__TASK__.
Produce an exact copy of the lines below, starting at the first and ending with the line containing "[0:00.0-0:11.5]".

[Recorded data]
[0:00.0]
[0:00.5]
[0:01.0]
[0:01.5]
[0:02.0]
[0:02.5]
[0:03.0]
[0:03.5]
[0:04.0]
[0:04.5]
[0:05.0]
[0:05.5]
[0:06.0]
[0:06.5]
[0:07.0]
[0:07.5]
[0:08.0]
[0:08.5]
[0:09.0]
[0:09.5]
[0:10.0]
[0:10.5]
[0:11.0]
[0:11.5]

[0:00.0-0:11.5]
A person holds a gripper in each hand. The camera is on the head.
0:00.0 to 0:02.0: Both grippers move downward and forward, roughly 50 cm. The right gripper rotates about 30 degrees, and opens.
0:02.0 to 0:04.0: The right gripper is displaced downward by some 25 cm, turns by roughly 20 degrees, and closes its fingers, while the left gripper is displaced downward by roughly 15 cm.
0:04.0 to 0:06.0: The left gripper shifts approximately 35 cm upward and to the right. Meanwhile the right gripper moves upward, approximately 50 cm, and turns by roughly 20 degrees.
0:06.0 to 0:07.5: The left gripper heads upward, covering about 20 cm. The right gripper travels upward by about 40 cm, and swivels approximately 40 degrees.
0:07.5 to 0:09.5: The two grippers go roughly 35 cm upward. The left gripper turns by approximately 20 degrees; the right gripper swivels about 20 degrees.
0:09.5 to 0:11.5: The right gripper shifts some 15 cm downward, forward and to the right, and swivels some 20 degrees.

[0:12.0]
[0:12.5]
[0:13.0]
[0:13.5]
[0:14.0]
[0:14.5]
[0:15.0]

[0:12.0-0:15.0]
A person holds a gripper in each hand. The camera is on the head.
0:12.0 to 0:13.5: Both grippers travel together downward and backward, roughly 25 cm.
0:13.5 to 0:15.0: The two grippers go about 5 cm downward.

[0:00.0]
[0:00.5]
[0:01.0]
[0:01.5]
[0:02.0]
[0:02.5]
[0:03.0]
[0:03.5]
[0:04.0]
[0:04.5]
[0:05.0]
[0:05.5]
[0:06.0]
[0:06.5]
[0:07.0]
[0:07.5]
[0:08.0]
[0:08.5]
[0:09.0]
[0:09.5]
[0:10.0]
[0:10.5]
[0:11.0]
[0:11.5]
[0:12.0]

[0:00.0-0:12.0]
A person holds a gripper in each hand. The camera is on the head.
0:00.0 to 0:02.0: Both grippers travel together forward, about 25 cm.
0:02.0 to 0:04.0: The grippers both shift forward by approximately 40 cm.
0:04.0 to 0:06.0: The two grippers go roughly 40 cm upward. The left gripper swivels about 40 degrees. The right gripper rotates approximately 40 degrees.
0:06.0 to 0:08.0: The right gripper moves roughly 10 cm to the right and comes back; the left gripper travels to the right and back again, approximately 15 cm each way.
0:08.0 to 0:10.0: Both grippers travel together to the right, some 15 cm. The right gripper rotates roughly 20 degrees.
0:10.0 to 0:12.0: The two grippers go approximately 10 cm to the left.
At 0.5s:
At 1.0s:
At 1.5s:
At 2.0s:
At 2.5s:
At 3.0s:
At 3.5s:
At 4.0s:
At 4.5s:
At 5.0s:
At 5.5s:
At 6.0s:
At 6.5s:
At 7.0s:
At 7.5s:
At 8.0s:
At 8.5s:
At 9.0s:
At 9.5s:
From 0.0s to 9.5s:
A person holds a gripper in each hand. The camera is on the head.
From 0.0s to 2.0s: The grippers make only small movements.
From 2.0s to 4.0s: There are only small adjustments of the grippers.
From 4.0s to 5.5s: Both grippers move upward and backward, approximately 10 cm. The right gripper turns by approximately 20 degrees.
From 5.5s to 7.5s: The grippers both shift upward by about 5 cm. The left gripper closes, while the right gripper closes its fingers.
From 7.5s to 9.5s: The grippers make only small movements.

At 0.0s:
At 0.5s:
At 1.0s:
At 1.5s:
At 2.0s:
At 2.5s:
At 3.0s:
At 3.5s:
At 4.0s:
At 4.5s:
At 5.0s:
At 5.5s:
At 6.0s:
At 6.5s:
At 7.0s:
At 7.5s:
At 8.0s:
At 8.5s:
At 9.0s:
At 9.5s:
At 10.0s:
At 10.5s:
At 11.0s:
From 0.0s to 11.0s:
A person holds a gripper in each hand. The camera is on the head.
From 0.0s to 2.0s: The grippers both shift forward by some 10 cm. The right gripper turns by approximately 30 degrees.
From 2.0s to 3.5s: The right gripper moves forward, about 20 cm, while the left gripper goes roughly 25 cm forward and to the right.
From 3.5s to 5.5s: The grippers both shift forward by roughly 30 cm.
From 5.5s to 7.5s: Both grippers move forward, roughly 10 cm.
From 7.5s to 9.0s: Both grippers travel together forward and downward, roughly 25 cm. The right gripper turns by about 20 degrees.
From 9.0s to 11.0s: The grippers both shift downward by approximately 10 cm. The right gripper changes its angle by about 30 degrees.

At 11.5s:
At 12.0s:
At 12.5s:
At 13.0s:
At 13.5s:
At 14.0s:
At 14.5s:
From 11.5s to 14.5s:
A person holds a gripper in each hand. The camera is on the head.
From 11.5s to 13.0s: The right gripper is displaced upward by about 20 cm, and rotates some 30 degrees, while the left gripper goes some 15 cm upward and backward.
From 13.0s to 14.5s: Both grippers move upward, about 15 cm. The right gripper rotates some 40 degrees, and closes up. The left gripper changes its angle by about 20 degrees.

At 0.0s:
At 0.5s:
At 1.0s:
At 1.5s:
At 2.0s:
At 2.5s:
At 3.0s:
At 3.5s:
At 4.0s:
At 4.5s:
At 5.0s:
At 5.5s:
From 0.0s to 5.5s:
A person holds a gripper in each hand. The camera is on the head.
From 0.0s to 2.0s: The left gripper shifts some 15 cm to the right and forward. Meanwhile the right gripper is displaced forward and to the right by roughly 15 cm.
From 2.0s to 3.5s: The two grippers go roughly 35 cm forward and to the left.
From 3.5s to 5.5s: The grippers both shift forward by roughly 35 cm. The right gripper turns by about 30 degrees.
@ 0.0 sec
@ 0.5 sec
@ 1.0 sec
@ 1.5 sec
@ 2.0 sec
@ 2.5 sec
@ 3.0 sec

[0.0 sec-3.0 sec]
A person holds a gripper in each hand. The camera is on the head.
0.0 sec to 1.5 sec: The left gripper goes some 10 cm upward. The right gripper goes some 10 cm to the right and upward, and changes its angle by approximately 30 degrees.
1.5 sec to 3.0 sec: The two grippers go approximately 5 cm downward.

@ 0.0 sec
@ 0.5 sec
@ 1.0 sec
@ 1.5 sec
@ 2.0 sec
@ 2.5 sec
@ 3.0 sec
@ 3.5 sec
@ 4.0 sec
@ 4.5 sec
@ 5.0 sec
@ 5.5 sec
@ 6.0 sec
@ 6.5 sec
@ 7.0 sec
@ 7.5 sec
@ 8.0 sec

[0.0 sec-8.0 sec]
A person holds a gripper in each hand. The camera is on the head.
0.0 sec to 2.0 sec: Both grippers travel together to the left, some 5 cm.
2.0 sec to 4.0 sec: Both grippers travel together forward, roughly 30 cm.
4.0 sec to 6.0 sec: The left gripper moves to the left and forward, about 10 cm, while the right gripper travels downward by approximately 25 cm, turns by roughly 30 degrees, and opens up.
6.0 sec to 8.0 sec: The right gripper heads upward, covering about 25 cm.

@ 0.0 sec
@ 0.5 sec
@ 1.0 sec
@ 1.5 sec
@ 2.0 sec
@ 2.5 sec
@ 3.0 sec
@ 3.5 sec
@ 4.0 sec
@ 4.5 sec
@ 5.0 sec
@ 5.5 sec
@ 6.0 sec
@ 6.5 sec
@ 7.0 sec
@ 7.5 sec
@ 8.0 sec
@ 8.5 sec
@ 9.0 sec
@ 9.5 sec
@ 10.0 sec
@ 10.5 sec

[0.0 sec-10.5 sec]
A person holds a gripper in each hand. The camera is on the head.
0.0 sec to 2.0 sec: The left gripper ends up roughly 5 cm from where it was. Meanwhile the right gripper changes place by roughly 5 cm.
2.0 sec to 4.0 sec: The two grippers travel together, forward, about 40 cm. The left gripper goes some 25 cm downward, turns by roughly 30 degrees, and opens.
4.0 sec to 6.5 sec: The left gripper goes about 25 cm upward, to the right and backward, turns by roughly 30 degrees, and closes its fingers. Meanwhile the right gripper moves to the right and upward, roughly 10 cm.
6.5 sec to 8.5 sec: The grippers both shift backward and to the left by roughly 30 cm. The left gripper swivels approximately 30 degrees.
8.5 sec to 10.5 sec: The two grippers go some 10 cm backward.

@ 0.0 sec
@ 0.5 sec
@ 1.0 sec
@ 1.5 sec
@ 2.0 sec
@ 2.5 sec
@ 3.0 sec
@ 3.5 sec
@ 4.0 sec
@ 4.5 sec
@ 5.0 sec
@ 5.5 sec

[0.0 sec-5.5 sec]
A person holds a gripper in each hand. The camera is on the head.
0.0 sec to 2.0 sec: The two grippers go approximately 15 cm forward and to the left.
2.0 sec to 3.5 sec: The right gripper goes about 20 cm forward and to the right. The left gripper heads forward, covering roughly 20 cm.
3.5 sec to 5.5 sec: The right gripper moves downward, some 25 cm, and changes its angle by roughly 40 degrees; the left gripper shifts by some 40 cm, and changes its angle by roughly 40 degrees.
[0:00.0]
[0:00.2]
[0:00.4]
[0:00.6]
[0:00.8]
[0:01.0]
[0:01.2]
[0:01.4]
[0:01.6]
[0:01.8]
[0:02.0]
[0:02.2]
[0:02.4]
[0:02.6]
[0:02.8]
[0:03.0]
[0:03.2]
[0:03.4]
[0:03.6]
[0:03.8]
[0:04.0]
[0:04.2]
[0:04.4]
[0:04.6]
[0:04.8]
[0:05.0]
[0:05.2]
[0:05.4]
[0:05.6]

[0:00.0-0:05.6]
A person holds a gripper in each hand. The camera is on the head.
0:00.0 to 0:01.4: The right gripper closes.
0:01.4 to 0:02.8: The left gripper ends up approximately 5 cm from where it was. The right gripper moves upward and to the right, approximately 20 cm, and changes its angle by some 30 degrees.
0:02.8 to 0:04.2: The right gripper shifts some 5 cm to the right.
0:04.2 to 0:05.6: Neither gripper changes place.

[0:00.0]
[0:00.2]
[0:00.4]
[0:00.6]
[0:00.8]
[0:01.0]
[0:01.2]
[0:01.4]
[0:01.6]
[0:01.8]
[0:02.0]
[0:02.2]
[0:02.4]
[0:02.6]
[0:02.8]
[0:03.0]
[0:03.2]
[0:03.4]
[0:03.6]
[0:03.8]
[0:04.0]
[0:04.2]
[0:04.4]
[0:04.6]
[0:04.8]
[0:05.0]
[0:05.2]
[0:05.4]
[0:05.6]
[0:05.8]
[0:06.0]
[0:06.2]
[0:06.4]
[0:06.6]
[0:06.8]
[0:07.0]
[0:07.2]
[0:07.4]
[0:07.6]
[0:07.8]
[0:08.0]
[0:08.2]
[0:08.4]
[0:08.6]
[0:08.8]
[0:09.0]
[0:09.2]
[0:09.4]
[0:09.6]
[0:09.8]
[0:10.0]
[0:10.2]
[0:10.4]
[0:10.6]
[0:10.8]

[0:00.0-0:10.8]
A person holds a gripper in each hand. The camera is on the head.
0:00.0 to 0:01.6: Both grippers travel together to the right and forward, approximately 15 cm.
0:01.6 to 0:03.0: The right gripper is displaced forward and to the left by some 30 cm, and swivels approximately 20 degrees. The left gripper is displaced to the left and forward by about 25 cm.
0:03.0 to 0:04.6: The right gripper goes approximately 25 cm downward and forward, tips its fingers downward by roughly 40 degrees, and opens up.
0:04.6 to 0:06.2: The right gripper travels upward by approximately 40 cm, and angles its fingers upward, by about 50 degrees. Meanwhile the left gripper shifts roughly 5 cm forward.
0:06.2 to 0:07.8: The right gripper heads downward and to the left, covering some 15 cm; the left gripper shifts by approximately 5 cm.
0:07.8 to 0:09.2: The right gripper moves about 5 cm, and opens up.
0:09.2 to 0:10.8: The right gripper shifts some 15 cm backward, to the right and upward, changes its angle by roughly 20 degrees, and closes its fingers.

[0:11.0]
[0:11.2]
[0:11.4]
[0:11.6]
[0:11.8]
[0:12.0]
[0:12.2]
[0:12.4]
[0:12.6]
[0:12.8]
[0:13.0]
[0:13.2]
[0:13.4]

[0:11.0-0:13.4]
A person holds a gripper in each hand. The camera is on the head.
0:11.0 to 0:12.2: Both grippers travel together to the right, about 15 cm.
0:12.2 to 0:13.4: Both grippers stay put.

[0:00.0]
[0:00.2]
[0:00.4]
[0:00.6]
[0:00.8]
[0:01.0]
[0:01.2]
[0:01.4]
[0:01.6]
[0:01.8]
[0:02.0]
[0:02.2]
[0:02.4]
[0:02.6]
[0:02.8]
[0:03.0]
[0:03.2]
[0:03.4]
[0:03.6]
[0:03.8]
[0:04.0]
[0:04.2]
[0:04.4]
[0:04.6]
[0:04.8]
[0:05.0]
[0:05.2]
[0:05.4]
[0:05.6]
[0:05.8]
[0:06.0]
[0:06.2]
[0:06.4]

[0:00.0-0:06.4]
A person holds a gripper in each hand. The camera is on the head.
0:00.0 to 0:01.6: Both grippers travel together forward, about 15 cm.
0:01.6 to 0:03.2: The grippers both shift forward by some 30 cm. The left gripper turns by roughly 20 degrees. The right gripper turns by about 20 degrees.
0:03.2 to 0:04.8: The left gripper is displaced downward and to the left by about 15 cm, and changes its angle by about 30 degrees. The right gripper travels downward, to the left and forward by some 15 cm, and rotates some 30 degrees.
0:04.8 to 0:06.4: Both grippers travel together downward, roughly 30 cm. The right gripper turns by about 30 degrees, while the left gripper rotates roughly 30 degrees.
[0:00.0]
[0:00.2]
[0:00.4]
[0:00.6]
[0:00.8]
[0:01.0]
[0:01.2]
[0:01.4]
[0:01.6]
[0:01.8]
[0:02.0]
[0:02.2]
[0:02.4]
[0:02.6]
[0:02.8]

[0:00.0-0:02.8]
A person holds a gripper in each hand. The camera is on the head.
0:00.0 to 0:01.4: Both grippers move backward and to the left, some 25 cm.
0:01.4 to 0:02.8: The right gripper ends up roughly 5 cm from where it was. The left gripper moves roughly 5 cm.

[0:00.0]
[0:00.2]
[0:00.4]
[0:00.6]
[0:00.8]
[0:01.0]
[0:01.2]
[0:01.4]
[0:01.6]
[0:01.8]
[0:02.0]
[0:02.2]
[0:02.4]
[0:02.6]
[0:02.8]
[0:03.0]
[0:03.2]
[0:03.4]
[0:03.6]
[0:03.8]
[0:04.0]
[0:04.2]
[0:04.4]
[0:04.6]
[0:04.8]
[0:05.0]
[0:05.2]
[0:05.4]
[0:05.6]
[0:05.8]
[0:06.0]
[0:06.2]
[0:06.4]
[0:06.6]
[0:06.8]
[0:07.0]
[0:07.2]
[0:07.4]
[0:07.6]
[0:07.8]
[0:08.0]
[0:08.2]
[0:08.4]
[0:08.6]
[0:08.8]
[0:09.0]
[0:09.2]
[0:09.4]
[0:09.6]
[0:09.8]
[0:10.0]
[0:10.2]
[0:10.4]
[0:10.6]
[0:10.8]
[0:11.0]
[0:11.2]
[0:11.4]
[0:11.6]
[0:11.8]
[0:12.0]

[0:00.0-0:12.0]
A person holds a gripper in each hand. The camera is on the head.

__YOUR SOLUTION__.
[0:00.0]
[0:00.5]
[0:01.0]
[0:01.5]
[0:02.0]
[0:02.5]
[0:03.0]
[0:03.5]
[0:04.0]
[0:04.5]
[0:05.0]
[0:05.5]
[0:06.0]
[0:06.5]
[0:07.0]
[0:07.5]
[0:08.0]
[0:08.5]
[0:09.0]
[0:09.5]
[0:10.0]
[0:10.5]
[0:11.0]
[0:11.5]

[0:00.0-0:11.5]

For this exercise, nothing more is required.